The operational hydrological drought monitoring based on satellite observations could effectively identify the complex spatio-temporal drought distribution [57]. Understanding the global perspective of drought distribution is fundamental to monitoring the cause and effects of specific regional droughts [58]. The identification of drought-vulnerable areas and suitable locations for climate monitoring stations can be designed based on satellite-based drought products. The establishment of more systematic and effective drought management systems, such as the Famine Early Warning System (FEWS-NET) and the Monitoring Agricultural Resources (MARS) in Africa can be done, but they should be more suited to the local climatic systems. In the future, many African countries are likely to see negative impacts on subsistence agriculture due to the effects of global warming. Increased climate variability is forecasted, with more frequent extreme events. Initiatives for managing climate change and increased climate variability therefore requires baseline information on satellite-based drought indicators for future monitoring and anomaly detection [59].
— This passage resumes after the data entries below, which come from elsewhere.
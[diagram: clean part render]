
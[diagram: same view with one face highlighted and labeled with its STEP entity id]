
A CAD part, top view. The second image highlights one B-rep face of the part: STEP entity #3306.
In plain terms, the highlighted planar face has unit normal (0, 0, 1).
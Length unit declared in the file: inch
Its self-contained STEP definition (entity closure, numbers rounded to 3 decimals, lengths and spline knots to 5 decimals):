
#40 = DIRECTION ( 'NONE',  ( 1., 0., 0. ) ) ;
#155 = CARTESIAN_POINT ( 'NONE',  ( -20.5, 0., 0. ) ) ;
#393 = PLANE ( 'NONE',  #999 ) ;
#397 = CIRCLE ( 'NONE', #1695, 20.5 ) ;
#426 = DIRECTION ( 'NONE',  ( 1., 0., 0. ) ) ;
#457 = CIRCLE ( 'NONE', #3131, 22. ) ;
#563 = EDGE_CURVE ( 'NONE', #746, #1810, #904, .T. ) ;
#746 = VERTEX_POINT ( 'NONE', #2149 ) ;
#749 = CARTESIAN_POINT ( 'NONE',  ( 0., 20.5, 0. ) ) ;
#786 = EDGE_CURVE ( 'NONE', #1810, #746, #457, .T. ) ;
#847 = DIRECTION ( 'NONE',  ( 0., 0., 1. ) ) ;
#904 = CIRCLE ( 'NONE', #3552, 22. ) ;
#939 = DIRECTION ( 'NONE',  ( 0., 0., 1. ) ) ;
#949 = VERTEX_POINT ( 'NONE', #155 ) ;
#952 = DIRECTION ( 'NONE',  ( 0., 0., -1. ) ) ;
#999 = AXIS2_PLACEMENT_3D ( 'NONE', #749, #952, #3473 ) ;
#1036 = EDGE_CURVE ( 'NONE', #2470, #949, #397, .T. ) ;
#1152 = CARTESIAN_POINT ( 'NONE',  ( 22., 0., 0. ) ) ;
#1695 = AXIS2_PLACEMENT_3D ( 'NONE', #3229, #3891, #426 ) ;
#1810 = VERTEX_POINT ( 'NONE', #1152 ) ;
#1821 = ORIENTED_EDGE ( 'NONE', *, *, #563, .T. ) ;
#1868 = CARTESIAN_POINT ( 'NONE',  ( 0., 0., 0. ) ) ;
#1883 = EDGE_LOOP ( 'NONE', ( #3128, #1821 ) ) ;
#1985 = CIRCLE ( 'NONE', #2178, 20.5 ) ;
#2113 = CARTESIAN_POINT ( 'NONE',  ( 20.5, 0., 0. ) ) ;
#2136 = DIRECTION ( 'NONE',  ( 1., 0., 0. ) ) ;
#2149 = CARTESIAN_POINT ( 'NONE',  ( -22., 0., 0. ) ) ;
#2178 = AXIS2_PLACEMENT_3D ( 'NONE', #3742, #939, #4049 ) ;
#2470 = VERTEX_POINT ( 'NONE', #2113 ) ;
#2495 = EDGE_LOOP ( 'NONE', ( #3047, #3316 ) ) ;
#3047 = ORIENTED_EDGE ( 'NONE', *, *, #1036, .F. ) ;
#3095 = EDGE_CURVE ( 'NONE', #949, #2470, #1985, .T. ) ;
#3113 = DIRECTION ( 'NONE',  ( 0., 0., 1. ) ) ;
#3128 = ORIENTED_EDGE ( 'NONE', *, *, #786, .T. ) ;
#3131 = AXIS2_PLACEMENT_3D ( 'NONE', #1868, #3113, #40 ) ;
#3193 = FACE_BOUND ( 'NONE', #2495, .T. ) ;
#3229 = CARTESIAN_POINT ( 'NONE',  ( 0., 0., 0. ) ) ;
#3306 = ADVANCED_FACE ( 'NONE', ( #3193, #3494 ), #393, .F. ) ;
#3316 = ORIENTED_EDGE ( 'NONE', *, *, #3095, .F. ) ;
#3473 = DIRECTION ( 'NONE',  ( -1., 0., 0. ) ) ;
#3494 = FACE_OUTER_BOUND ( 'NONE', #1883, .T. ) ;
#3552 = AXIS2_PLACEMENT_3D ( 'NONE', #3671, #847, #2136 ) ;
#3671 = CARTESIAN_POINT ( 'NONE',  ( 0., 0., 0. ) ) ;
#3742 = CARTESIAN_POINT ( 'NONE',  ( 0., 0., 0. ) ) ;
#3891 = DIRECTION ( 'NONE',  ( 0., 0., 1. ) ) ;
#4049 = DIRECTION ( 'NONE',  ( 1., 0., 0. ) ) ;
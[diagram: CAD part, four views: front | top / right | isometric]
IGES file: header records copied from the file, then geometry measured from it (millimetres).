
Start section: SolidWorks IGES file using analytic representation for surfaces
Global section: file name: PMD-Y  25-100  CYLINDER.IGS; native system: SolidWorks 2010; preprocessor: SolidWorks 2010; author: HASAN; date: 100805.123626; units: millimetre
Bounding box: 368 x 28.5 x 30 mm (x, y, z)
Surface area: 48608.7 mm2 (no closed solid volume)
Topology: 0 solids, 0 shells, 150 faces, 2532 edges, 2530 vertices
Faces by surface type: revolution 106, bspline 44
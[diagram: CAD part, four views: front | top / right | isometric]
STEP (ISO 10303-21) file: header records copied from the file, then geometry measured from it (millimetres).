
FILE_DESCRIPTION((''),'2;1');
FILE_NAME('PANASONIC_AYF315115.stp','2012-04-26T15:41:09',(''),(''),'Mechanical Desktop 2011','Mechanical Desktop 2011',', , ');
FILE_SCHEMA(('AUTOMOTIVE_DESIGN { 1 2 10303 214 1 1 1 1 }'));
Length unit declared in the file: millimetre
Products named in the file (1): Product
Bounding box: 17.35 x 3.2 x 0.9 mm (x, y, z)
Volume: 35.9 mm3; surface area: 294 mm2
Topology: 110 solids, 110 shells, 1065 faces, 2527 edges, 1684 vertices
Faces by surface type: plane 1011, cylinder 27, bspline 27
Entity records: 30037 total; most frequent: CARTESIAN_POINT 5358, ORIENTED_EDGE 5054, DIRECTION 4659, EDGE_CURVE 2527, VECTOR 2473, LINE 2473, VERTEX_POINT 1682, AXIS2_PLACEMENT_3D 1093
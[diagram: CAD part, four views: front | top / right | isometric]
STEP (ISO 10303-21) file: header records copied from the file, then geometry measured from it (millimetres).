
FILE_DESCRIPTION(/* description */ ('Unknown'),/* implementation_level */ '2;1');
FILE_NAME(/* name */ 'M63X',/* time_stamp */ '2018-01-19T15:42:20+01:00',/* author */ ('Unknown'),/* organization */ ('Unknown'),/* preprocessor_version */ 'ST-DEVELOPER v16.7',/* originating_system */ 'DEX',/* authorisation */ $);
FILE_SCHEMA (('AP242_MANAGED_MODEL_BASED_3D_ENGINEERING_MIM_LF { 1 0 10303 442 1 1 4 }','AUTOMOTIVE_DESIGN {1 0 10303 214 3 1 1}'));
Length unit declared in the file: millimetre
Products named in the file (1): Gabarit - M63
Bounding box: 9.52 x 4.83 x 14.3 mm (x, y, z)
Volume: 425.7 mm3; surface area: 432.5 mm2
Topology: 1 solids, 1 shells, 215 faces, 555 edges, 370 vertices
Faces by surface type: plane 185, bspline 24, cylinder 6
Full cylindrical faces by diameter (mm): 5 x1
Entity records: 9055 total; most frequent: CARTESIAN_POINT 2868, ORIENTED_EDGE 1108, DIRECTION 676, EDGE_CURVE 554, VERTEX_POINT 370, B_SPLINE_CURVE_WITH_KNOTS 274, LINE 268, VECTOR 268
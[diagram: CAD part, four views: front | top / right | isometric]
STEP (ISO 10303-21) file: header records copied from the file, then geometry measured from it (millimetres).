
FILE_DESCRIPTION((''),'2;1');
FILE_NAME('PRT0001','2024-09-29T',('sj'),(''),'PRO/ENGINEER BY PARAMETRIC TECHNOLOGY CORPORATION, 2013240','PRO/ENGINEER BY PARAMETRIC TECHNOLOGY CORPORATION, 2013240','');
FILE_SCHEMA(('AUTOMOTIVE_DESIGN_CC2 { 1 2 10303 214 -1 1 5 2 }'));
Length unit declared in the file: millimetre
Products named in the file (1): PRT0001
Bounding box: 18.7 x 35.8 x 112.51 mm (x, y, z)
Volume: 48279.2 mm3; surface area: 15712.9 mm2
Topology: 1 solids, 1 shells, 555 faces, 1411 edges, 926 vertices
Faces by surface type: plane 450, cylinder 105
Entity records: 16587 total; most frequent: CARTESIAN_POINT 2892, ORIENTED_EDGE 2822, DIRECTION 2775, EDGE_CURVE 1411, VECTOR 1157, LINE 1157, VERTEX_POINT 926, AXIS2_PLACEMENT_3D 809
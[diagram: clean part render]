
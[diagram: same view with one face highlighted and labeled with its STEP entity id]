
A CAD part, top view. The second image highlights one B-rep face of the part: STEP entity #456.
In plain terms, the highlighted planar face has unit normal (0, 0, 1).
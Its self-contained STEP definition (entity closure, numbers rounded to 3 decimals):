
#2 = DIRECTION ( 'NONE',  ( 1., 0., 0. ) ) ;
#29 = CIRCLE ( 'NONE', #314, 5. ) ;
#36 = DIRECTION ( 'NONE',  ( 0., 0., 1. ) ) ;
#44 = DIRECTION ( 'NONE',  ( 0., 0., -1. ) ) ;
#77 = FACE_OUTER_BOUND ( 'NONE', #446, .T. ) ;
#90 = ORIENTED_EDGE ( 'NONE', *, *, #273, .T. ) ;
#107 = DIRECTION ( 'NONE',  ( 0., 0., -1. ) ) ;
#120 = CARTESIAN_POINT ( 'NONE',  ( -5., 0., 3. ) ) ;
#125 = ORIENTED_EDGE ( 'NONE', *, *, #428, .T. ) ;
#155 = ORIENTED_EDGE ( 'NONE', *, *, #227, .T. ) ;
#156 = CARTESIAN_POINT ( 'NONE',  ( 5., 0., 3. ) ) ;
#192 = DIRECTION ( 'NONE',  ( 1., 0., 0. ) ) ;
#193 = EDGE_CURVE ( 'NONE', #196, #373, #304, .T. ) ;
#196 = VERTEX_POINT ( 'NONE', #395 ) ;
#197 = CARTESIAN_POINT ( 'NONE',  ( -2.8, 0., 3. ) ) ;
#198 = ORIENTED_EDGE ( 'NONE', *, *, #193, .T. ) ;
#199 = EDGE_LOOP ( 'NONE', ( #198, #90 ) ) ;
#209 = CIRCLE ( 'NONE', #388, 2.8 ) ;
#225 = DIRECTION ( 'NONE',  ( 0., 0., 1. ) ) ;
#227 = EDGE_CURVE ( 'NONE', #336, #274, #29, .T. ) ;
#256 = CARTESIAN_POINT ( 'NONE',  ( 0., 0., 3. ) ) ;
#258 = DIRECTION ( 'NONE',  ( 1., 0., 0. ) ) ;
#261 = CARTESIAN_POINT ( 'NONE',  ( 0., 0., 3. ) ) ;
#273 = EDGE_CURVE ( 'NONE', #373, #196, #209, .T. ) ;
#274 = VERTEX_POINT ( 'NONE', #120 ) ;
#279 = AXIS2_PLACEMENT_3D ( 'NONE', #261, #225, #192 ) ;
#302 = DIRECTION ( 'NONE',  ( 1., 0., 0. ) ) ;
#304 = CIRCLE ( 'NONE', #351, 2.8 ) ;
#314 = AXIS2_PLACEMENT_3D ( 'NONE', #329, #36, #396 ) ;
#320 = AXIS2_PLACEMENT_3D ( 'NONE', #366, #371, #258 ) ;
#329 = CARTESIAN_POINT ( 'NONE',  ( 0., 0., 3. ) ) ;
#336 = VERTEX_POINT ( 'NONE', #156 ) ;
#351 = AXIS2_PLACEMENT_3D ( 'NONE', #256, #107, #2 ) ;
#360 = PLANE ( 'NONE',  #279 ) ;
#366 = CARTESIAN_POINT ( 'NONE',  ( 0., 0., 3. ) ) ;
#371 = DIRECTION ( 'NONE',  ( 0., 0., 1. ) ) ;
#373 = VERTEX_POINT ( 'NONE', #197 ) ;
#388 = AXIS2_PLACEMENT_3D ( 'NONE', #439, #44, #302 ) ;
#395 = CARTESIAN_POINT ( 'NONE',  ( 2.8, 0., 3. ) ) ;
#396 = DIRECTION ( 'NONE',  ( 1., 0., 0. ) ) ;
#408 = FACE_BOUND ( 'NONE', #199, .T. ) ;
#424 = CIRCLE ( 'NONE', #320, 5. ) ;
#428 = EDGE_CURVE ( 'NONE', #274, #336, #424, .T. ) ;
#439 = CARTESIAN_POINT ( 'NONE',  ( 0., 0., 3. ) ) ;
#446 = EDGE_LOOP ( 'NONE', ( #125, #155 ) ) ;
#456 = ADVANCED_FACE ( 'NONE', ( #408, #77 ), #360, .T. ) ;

Findings have indicated that the fully satellite-based run-off models can assess and quantify drought impacts from a local catchment perspective of Peninsular Malaysia. Studies [60,61] show that in the east and northeast regions of the Peninsular Malaysia where critical drought occur, the models provide a powerful tool for monitoring drought conditions. Given the ground-based observations are very limited and unevenly distributed across Peninsular Malaysia, satellite-based run-off models could lead to improvement in drought monitoring, and seasonal forecasts in this region. The developed drought monitoring methods provide complementary information, and it could lead to a better understanding of (i) the operational application of drought monitoring at spatiotemporal scale (Figure 10); (ii) the ecosystem response to hydro-climatic variability (Figure 11 and Figure 12); and (iii) the ability to assessing a precise and comprehensive grid-based drought conditions and distributions (Figure 13 and Figure 14).

5. Conclusions

The use of satellite measurements to assess drought is a significant and relevant step to understanding global climatic changes. This study provides a basic guideline on how droughts can be monitored and assessed operationally using satellite observations. Many demonstrations on the operational use of satellites have been developed for detailed monitoring and mapping of floods and droughts with the combination of in situ data. Gathering sufficient information on the spatial and temporal nature of droughts will require the installation of additional ground-stations at high spatial coverage, which would be logistically expensive. Fully satellite-based drought monitoring can supplement in situ data by providing consistent observations with global coverage and would be cost-effective. The spatiotemporal maps have the ability to identify drought vulnerable areas, indicating that the satellite-based run-off model of rainfall and evapotranspiration can be used for climate change impact assessment from local to global scales. Knowledge gained from this study could be useful for developing spatiotemporal drought identification methods and assessing and quantifying the impact of drought on water-related ecosystems (e.g., freshwater productivity) across tropical regions-similar to hydro-climatic characteristics of Peninsular Malaysia. Rainfall is a vital component of the hydrologic cycle and plays a key role in monitoring drought, especially in water-limited ecosystems, and in conserving watershed areas to support economic activities. The rapid changes of rainfall and evapotranspiration in the Southeast Asian humid tropical areas, particularly under climatic or hydrologic extremes such as drought, can be effectively monitored at a regional scale using satellite multi-sensor products. The impact of drought on the carbon cycle, water storage, and broadly drought-induced climate changes can therefore be studied in a comprehensive manner.